Use unsupervised and supervised learning to predict stocks

Overview

AIAlpha: Multilayer neural network architecture for stock return prediction

forthebadge made-with-python

GitHub license PRs Welcome

This project is meant to be an advanced implementation of stacked neural networks to predict the return of stocks. My goal for the viewer is to understand the core principles that go behind the development of such a multilayer model and the nuances of training the individual components for optimal predictive ability. Once the core principles are understood, the various components of the model can be replaced with the state of the art models available at time of usage.

The workflow is similar to the approach in the excellent text Advances in Financial Machine Learning by Marcos Lopez de Prado, which I recommend to anyone who wants to learn about applying machine learning techniques to financial data. The data that was used for this project is not in the repository due to size constraints in GitHub, but the raw data was open sourced from Tick Data LLC, but now I believe is not available.

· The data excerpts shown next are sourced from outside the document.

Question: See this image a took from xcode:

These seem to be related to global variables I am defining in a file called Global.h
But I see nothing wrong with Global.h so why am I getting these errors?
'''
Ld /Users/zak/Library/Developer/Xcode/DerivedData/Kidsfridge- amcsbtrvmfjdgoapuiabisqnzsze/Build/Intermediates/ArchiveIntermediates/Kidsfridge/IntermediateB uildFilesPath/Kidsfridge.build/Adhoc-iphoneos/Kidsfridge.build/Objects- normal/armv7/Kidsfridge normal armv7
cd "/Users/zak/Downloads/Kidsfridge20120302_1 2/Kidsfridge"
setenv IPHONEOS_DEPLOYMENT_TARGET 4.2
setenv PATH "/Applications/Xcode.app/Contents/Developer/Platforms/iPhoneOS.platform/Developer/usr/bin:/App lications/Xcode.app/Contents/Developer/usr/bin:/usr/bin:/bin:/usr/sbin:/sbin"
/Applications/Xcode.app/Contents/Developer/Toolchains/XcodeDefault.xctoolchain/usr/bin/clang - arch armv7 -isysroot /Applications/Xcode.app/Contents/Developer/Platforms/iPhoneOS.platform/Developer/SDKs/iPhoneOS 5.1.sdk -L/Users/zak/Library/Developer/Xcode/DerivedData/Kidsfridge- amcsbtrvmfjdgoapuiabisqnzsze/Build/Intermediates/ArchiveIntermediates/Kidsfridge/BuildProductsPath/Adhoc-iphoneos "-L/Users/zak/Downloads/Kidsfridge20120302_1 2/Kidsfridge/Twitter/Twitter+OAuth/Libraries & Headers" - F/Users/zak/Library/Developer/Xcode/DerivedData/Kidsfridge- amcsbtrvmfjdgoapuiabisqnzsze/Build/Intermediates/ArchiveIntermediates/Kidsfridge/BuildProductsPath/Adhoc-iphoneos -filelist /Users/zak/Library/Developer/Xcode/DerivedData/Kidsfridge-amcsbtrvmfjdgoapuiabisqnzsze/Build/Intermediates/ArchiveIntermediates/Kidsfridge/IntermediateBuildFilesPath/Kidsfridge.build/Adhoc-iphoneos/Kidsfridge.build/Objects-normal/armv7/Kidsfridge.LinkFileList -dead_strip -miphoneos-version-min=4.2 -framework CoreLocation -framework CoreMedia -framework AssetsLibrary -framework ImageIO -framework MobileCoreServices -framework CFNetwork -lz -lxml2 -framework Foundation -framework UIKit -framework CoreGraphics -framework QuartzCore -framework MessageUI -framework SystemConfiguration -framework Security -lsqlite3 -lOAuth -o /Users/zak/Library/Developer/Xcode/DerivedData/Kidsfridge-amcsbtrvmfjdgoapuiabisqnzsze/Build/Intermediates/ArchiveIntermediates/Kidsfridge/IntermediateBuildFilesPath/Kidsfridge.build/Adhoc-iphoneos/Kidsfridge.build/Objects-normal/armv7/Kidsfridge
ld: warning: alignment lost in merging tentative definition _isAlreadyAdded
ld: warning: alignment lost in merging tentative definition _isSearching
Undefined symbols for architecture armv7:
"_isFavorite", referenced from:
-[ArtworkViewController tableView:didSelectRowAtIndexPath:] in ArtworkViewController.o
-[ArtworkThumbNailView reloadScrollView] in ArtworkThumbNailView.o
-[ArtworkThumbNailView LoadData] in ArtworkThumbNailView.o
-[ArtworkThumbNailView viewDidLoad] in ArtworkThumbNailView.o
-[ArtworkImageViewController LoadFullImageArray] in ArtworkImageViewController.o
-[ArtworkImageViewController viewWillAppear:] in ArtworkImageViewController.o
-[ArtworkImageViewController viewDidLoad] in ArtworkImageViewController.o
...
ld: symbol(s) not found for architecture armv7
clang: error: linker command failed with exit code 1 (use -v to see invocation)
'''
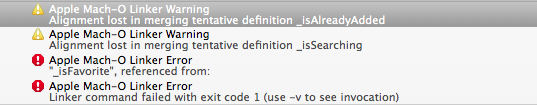
Answer: I replaced the global variables with properties attached to my appDelegate and the errors went away.

In essense, we will be making bars (tick, volume or dollar) based on the tick data, apply feature engineering, reduce the dimensions using an autoencoder and finally use a machine learing model to make predictions. I have implemented both a LSTM regression model and a Random Forest classification model to classify the direction of the move.

This model is not meant to be used to live trade without modifications. However, an extended version of this model can very well be profitable with the right strategies.

I truly hope you find this project informative and useful in developing your own trading strategies or machine learning models.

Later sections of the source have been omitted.